Longer Production Schedule

Winter said an estimated increase in the program’s total procurement cost to $346.2 billion from $319.1 billion last year was “largely driven” by the adjustments to the jet’s production schedule. The U.S. Air Force reduced its maximum annual rate of aircraft purchases to 60 per year from 80, a move which extended the planned procurements by six additional years from fiscal 2038 to fiscal 2044, he said. The Air Force is the largest single buyer of the fighter.

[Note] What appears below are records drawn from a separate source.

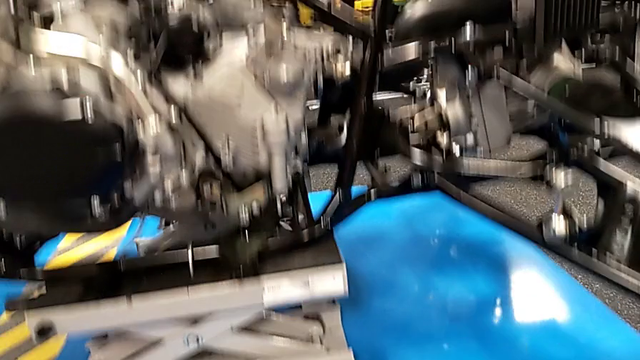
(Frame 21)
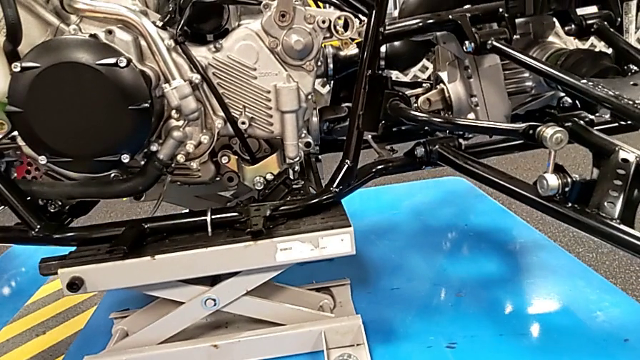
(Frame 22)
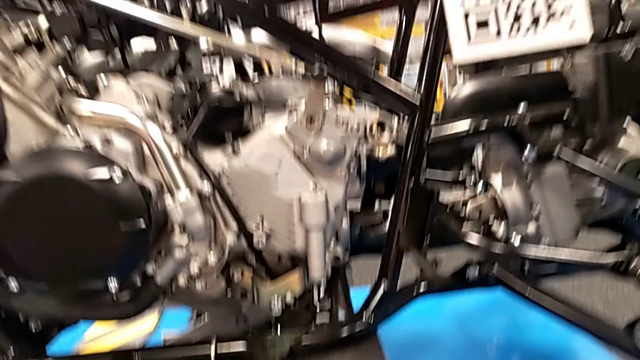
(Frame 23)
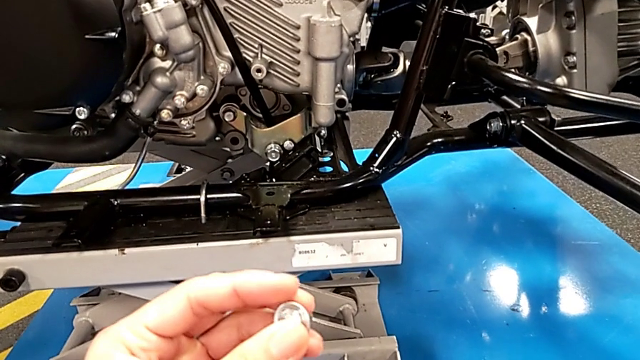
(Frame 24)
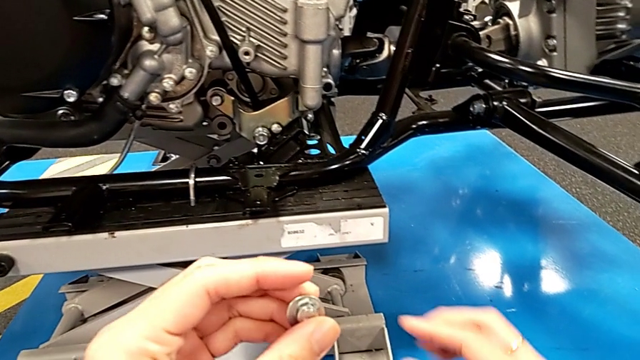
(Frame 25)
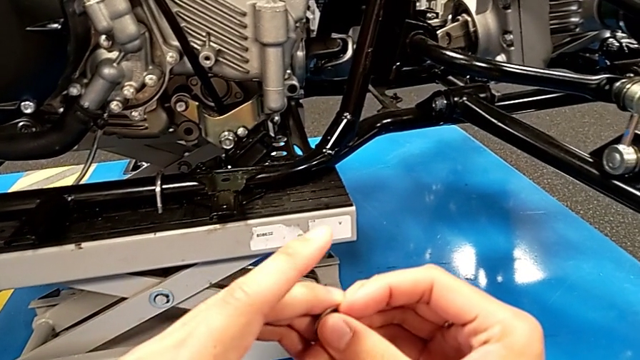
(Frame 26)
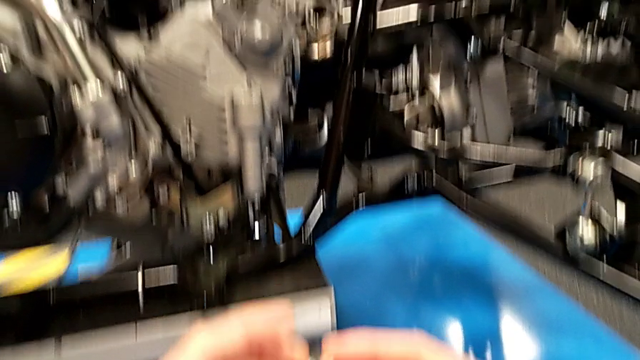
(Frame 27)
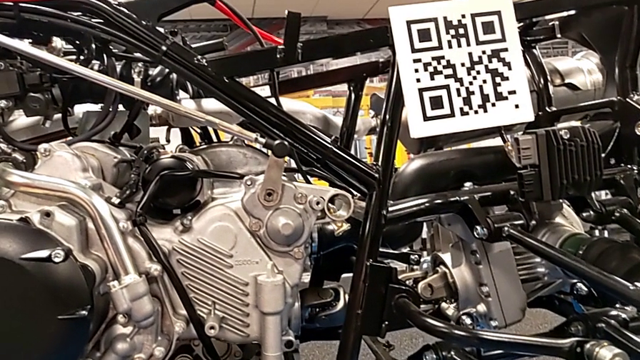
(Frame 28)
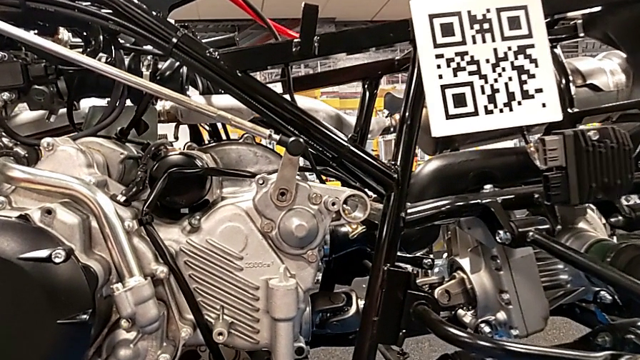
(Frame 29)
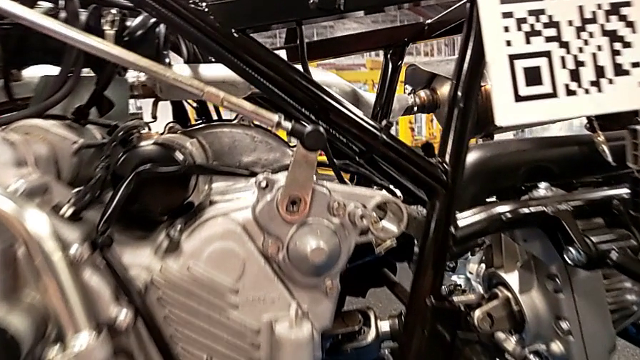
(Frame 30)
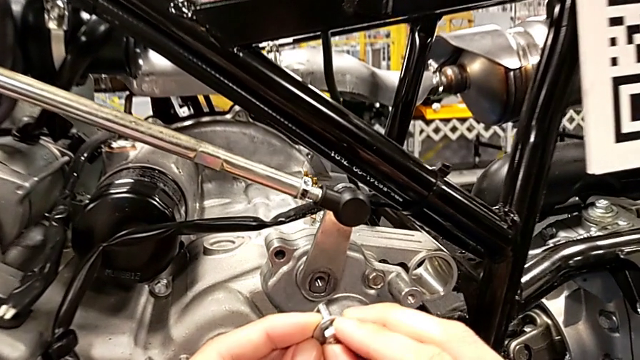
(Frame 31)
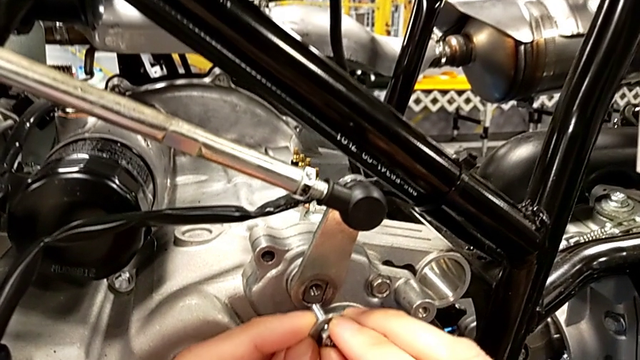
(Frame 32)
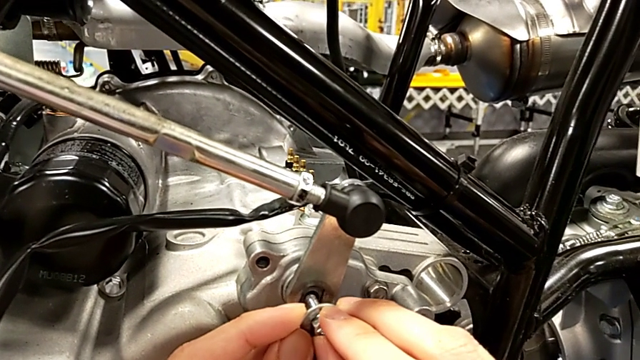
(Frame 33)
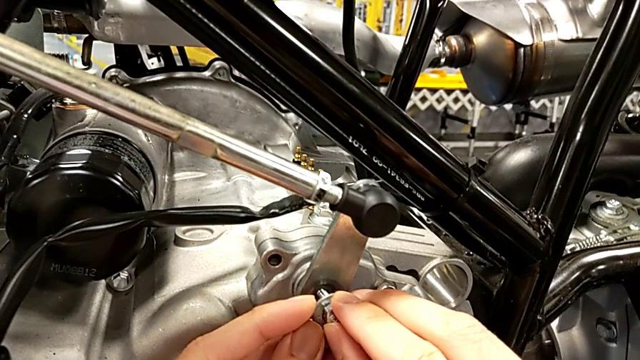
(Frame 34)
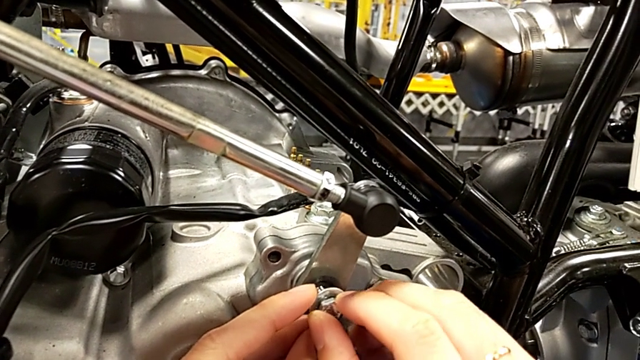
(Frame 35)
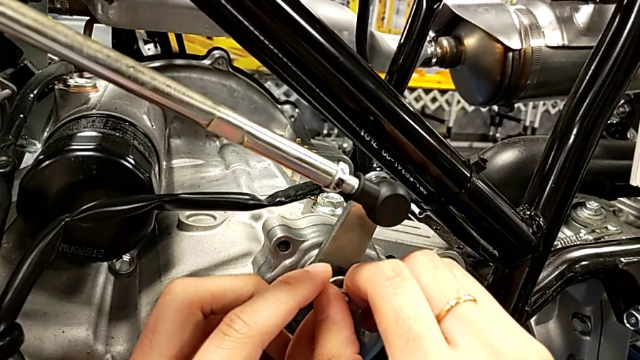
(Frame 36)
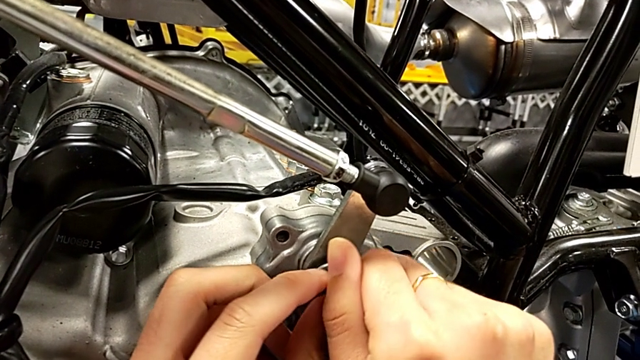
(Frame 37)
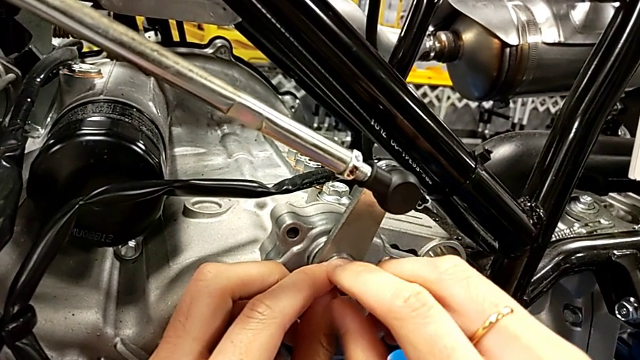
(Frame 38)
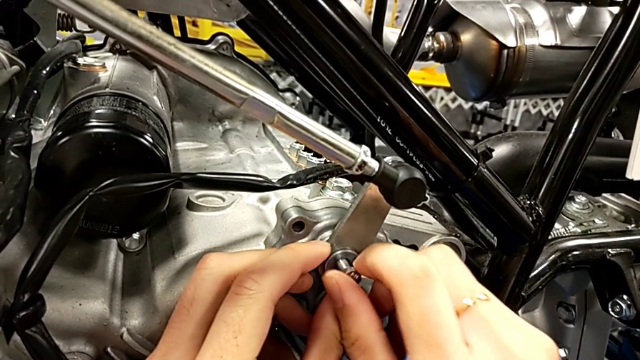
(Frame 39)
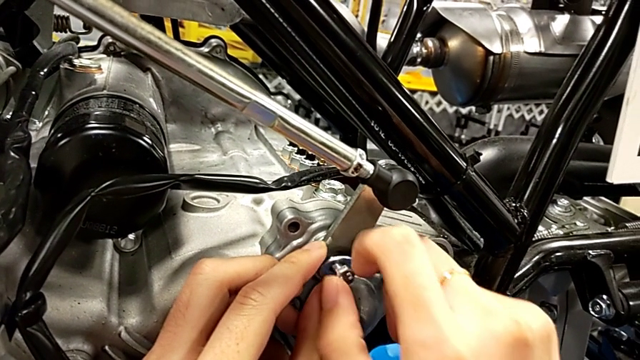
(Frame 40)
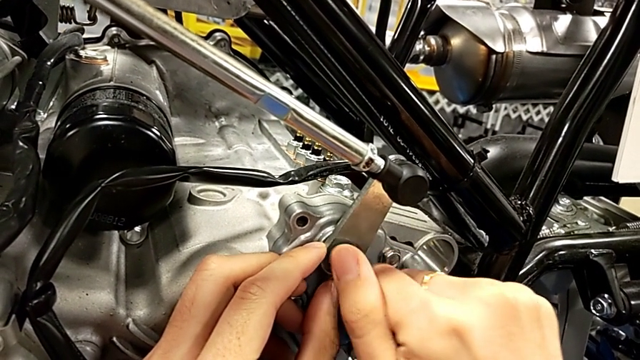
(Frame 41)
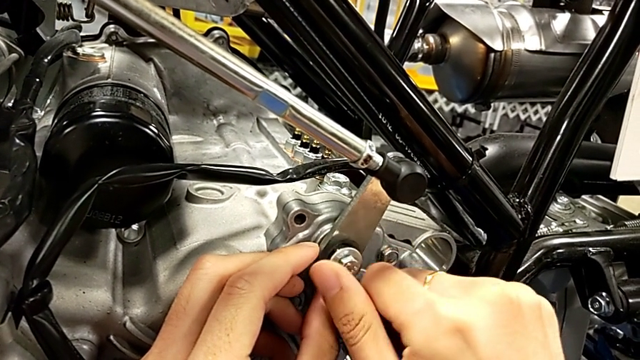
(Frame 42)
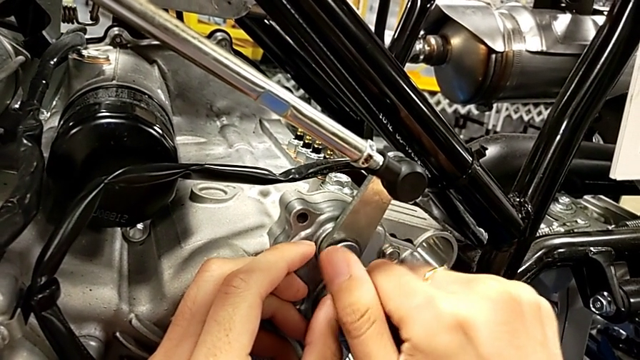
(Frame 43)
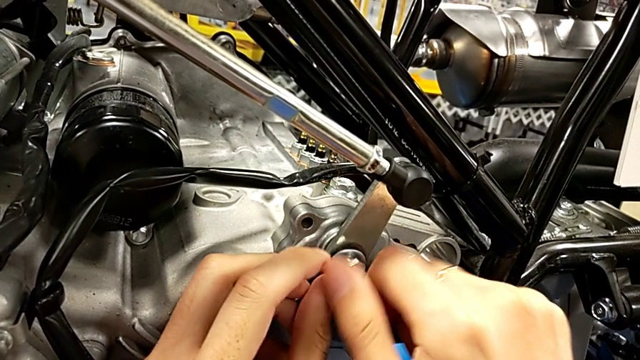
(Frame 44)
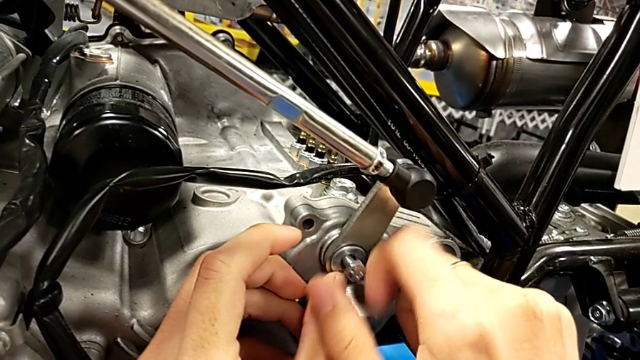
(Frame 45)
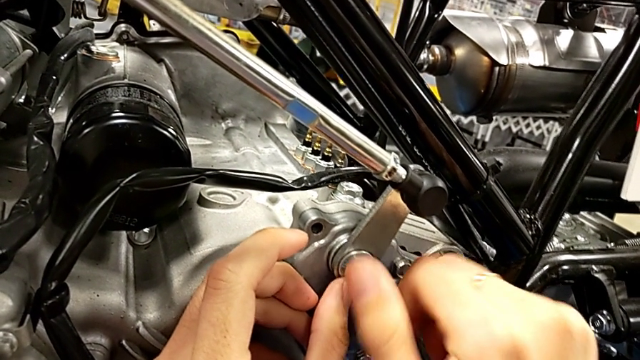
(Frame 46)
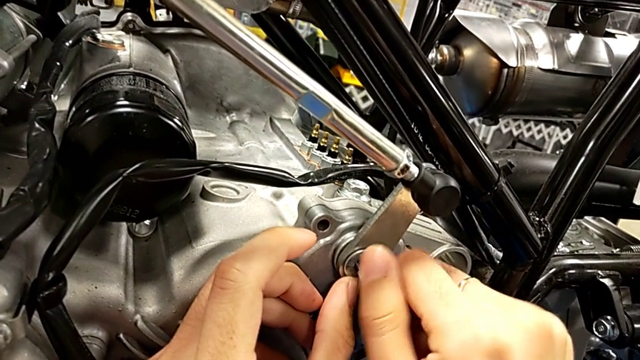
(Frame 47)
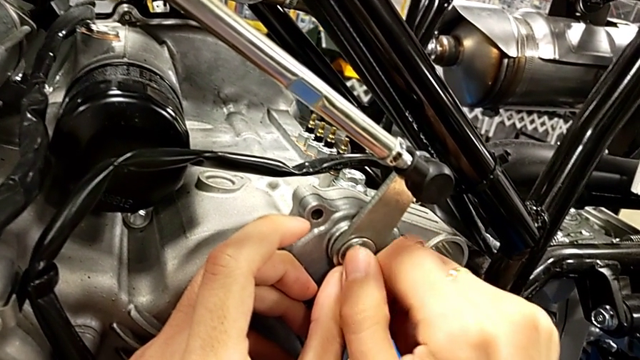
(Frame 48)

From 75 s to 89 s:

The estimate for the overall average per-jet program acquisition cost in current dollars — the most complete measure of a weapon’s cost — increased to $164.6 million per jet from $154.3 million, according to the release.

The acquisition report also informed Congress that the Pentagon is adding 13 Marine Corps “B” model short-takeoff-and-vertical landing versions of the fighter that will increase the total quantity of U.S. jets purchased to 2,456 from the long-standing goal of 2,443.

The F-35 “actual negotiated near-term” unit prices, that include engine cost and fees to Lockheed “continue to decline,” Winter said.

Lockheed “has not had the opportunity to review the 2016 Selected Acquisition Report, but cost continues to come down on the F-35 program,” spokesman Mark Johnson said in a statement. “Working with the Joint Program Office, we have driven the per-unit cost of theF-35A down to $94.6 million” in the latest block buy. That “represents a 62% reduction in price since 2010, and we are confident that we’ll meet our target of less than $85 million per jet in 2019.”

Nevertheless, the program’s estimated total increase comes after the F-35 struggled for years with cost overruns and schedule delays that infuriated Congress. That prompted a major reorganization of the F-35 program management and development schedule in 2010, under then-Secretary Robert Gates, that largely stabilized the program.

Republican Senator John McCain, chairman of the Armed Services Committee, said on Twitter that the report is evidence that “after years of delays & massive cost overruns, another reminder that the true cost of the F-35 program is still TBD.” Still, McCain’s panel authorized in its version of the fiscal 2018 spending request 24 additional F-35 over the 70 the Pentagon requested.